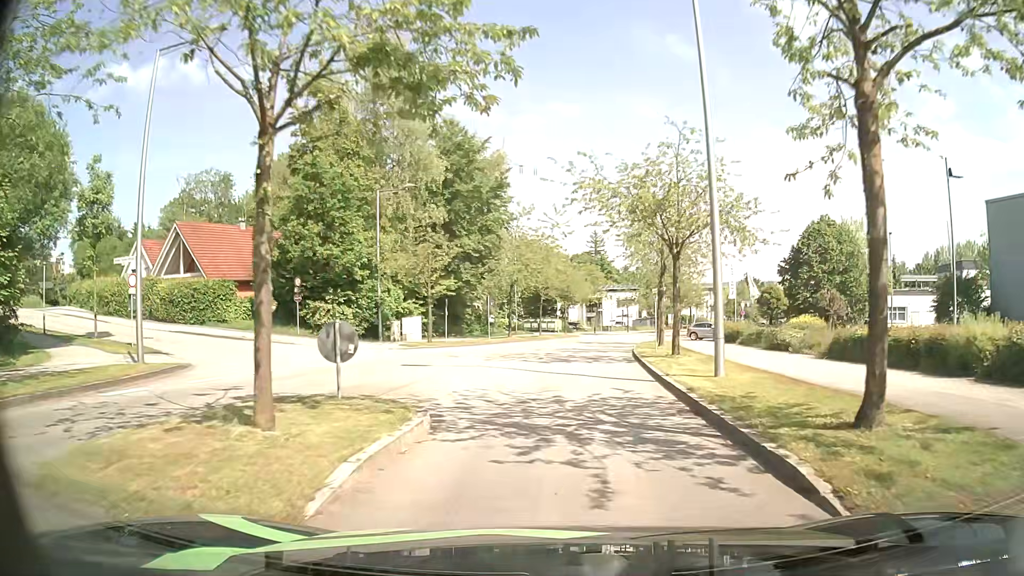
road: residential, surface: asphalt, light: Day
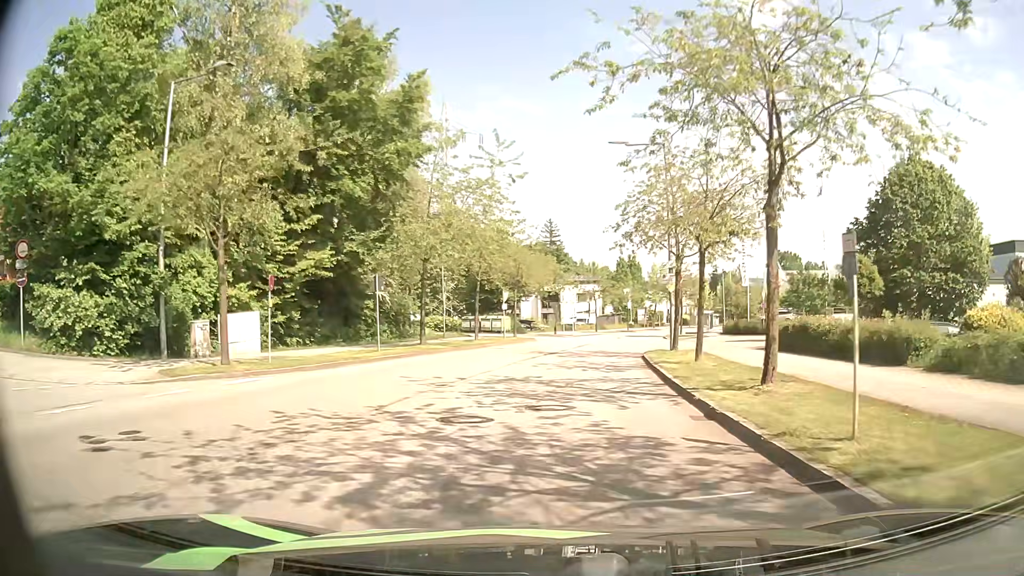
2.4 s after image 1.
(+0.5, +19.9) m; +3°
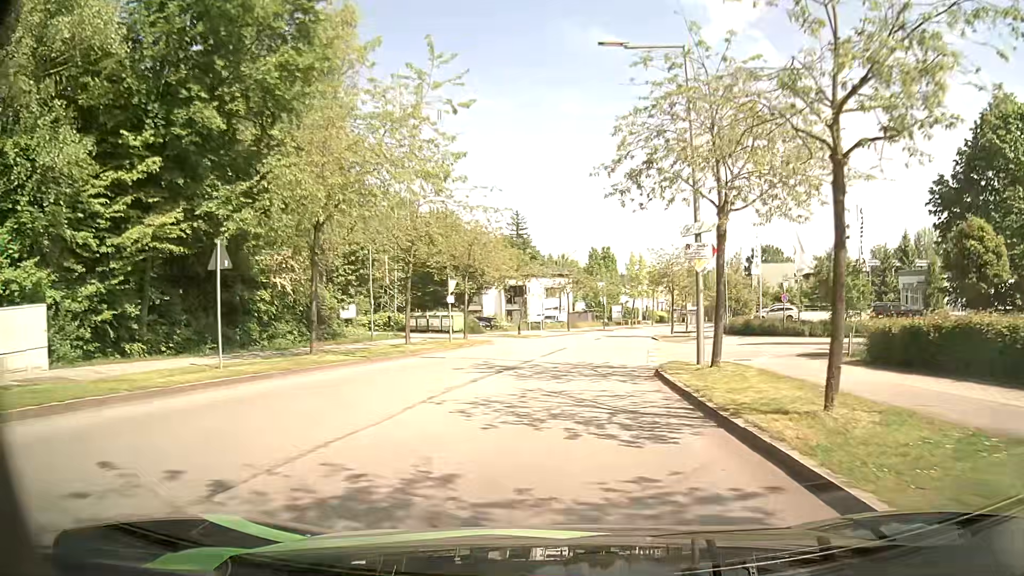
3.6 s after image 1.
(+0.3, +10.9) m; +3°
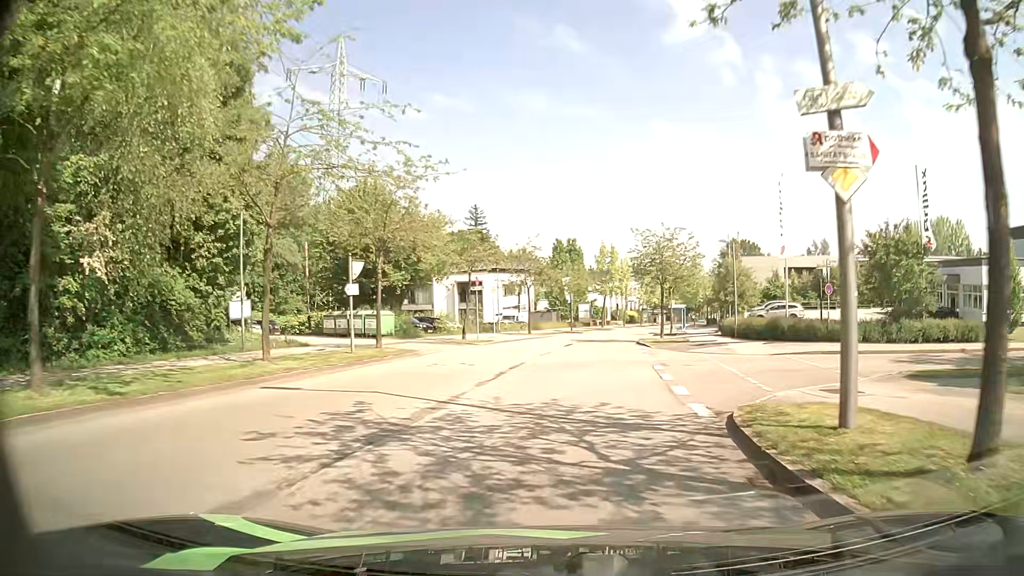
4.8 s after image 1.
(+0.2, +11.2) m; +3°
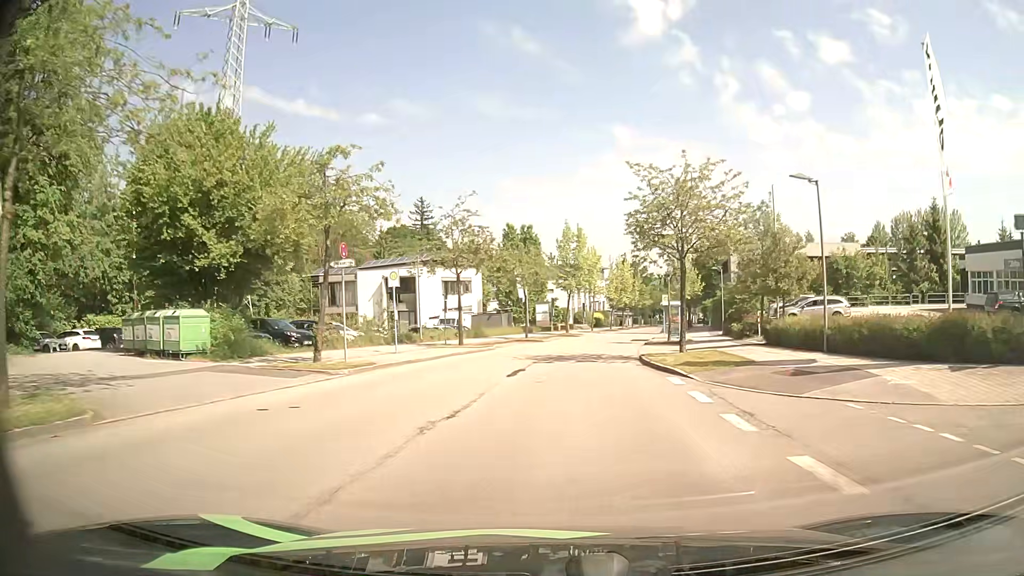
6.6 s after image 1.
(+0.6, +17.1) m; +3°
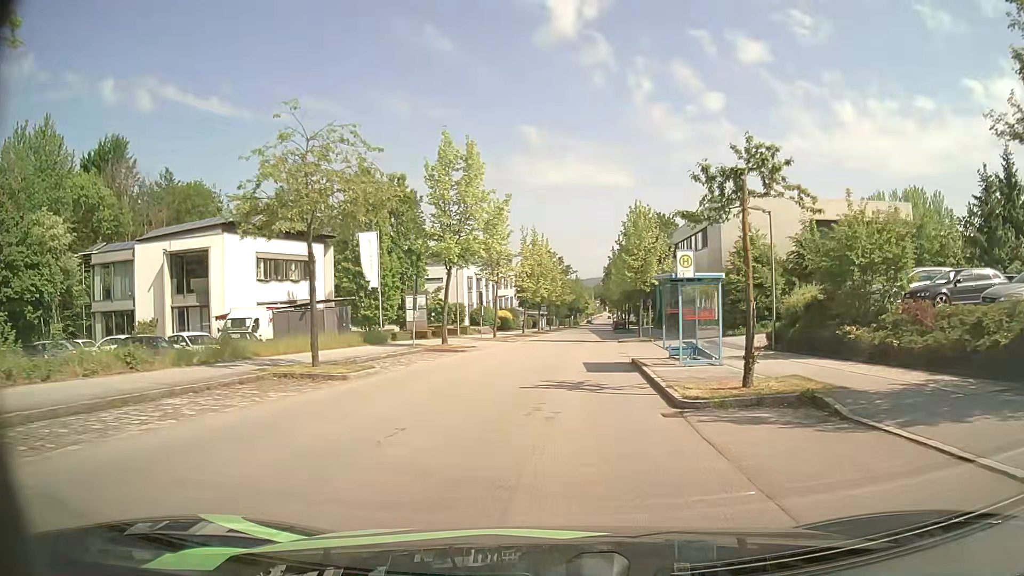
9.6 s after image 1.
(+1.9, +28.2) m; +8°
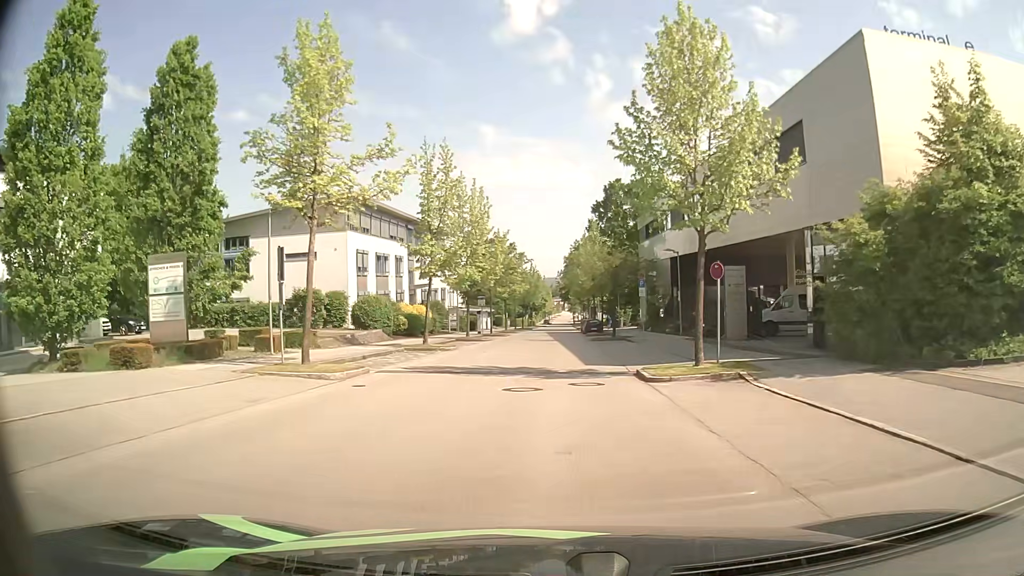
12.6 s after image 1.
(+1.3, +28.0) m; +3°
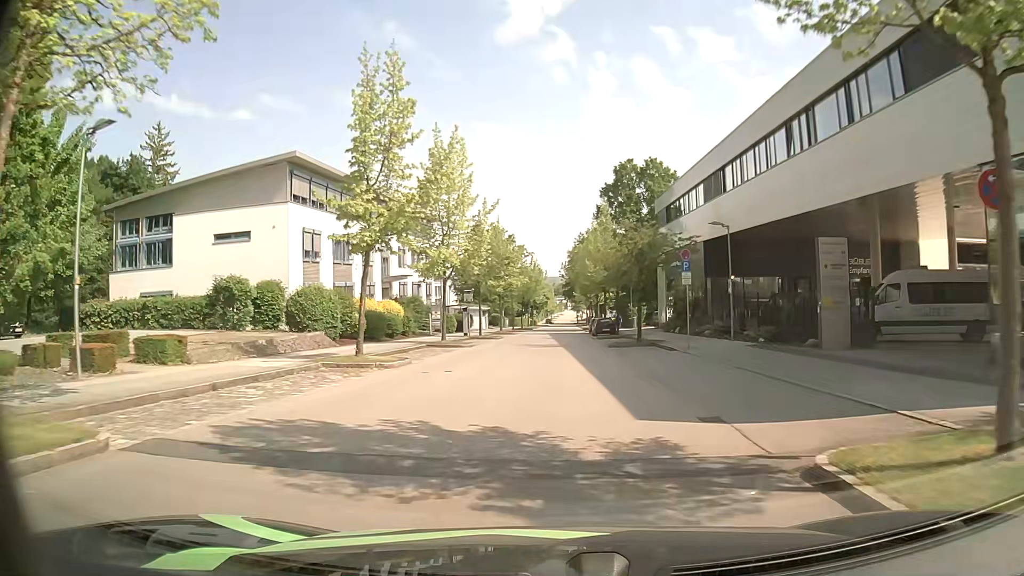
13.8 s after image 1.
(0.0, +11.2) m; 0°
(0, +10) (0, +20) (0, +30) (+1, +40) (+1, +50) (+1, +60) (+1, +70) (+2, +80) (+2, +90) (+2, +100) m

++++++++++

* **The problem**:
Output the material above word for word. Leave out its images.

* **Problem solution**:
road: residential, surface: asphalt, light: Day
2.4 s after image 1.
(+0.5, +19.9) m; +3°
3.6 s after image 1.
(+0.3, +10.9) m; +3°
4.8 s after image 1.
(+0.2, +11.2) m; +3°
6.6 s after image 1.
(+0.6, +17.1) m; +3°
9.6 s after image 1.
(+1.9, +28.2) m; +8°
12.6 s after image 1.
(+1.3, +28.0) m; +3°
13.8 s after image 1.
(0.0, +11.2) m; 0°
(0, +10) (0, +20) (0, +30) (+1, +40) (+1, +50) (+1, +60) (+1, +70) (+2, +80) (+2, +90) (+2, +100) m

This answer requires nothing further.